Independent material on law firms can be found in publications such as The Training Contract & Pupillage Handbook (TCPH)Chambers UK Student Guide, Chambers UK Guide, Lex 100 and the Legal 500. These sources will provide you with in-depth insight into firms' areas of expertise; their ranking in different practice areas; recent cases and clients; and quotes from the mouths of clients and trainees. Each of the three publications contains different material, so we recommend using all three in conjunction to get the most rounded picture. The Training Contract & Pupillage Handbook is available free from law fairs and university careers services (as is Chambers UK Student Guide), and both Chambers UK Guide and the Legal 500 are available online.

The legal press

The media is a fantastic place to find out how firms are perceived in the legal profession; look for news reports on topics such as recent deals, turnover, retention rates for newly qualified lawyers, trainee deferrals and diversity. Search LawCareers.Net's News section, The Lawyer, the Law GazetteLegal WeekLegal Futures, the Times and the Guardian. For a detailed guide to the legal press and other useful sources in the media, see this this Feature, "Are you commercially aware?".

Social media

In the same way that the legal press gives insight into how firms are perceived by the wider legal community, so does social media. Twitter, in particular, is an excellent place to get objective opinions on, and up-to-the minute updates from, firms. Facebook is a good - if not objective - source of information too; most firms have come to realise the power of Facebook in communicating with graduates and consequently have their own listing. However, it's worth bearing in mind that, partly due to Facebook's design focus on socialising and personal relationships, Twitter far outstrips Facebook as a professional tool for receiving current information as well as communicating with and participating in the online legal community.

Legal blogging

Combining with and augmenting the profession's widespread use of Twitter, legal blogging has also grown into a sizeable, committed and switched-on pool of regular bloggers from different areas of the legal sector. You should really be galvanised enough to incorporate a little blog-based research into your training contract hunt - this highly active community expresses viewpoints from all levels of the profession, from in-house solicitors and magistrates to trainees, recently-qualified lawyers and law journalists. You can glean a lot of privileged information about firms from people in the know who are not afraid of being candid about their opinions. Keeping up with the legal bloggers (as well as Twitter) is also a great way to keep your finger on the pulse of the profession as a whole - and being informed about current events and issues within the law will certainly help you make the right decision regarding what firms to apply to.
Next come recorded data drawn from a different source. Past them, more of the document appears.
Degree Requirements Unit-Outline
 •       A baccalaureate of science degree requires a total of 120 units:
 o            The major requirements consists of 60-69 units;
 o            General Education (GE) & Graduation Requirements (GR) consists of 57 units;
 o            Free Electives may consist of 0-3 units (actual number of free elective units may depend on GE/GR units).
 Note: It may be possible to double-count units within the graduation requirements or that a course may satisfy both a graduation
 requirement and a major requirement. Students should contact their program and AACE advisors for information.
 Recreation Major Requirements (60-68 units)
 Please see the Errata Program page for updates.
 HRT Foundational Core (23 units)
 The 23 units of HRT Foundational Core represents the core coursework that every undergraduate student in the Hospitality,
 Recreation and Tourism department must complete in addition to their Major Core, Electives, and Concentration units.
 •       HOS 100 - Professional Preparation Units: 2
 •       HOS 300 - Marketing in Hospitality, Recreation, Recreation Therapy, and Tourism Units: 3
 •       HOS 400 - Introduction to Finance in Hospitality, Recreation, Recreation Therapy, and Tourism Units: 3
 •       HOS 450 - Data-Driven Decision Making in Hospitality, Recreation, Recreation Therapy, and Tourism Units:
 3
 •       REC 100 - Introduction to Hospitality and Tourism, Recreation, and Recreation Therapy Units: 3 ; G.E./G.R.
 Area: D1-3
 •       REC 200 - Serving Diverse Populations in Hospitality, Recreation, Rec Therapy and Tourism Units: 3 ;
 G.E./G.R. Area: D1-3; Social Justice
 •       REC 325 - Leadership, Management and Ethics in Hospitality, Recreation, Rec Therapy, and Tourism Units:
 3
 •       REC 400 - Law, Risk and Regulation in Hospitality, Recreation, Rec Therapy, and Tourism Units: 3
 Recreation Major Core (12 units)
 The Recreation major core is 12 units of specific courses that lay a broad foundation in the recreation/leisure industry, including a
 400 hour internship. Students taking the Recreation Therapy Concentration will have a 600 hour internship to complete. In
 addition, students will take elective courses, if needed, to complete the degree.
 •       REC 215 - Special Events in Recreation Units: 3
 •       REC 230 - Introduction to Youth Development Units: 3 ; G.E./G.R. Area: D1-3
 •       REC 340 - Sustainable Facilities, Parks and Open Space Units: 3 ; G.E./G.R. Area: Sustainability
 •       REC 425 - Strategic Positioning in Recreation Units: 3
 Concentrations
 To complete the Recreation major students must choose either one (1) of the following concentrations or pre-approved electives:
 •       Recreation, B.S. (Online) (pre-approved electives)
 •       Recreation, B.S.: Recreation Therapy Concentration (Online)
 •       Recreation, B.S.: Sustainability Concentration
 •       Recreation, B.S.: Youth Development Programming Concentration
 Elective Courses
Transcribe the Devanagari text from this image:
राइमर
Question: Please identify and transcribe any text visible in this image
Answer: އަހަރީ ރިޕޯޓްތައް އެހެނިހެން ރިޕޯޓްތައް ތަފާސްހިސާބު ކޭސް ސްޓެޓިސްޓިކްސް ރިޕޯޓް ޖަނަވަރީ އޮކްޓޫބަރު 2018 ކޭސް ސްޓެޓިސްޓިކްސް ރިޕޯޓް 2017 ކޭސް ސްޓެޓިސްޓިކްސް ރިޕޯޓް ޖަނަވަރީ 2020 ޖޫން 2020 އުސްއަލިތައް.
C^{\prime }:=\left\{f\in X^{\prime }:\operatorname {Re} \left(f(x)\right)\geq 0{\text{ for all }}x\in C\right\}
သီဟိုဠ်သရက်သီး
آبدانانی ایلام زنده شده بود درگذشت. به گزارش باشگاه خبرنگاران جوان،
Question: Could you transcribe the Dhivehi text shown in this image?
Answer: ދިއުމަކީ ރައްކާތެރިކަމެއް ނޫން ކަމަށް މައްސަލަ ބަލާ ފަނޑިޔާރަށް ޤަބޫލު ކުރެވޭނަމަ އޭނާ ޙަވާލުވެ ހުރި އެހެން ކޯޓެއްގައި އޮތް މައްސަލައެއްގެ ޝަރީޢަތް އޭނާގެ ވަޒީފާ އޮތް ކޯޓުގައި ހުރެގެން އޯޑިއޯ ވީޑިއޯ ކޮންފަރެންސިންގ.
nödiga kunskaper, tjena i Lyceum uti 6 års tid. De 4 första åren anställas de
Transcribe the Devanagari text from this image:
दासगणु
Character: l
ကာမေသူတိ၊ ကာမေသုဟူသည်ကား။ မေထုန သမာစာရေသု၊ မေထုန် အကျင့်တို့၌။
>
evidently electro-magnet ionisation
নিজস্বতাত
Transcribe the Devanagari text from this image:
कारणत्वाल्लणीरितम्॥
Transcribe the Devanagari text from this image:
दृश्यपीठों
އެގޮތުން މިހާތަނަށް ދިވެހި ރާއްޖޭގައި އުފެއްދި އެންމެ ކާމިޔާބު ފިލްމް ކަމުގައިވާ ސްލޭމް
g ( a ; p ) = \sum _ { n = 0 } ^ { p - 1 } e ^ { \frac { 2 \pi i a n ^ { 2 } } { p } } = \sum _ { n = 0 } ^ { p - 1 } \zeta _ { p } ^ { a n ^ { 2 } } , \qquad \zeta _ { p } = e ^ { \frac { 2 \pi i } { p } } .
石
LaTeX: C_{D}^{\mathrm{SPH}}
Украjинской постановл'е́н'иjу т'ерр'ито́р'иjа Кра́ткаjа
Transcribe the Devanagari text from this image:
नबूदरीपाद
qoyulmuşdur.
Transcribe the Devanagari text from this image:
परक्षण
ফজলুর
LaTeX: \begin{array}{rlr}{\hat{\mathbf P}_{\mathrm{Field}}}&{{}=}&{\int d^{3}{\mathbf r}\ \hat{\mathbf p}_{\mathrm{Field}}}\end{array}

LCN also runs a Blog section containing insights and advice from practicing lawyers, students, aspiring solicitors and barristers.

Face time

So far our tips have all been web based. However, good old-fashioned face time is one of the most important stages of good research. However great a firm may seem on paper, until you meet its representatives you can't know for sure whether it's the place for you. There are plenty of ways to get contact with law firms' representatives, such as law fairs, presentations, open days and networking events. Go prepared, having thought in advance of a few questions you'd like to know the answers to, and you might even get yourself noticed by the graduate recruiters. Here is some more guidance on getting the most from law fairs and firm presentations, while here is just one of the useful posts on networking from our Blog section.

Conclusion

Well that's, in a nutshell, the why and the how of law firm research. If you follow each step outlined above and use MyLCN to keep track of the data you unearth, you'll have all the info you need to make that winning application. All that's left now is to get digging!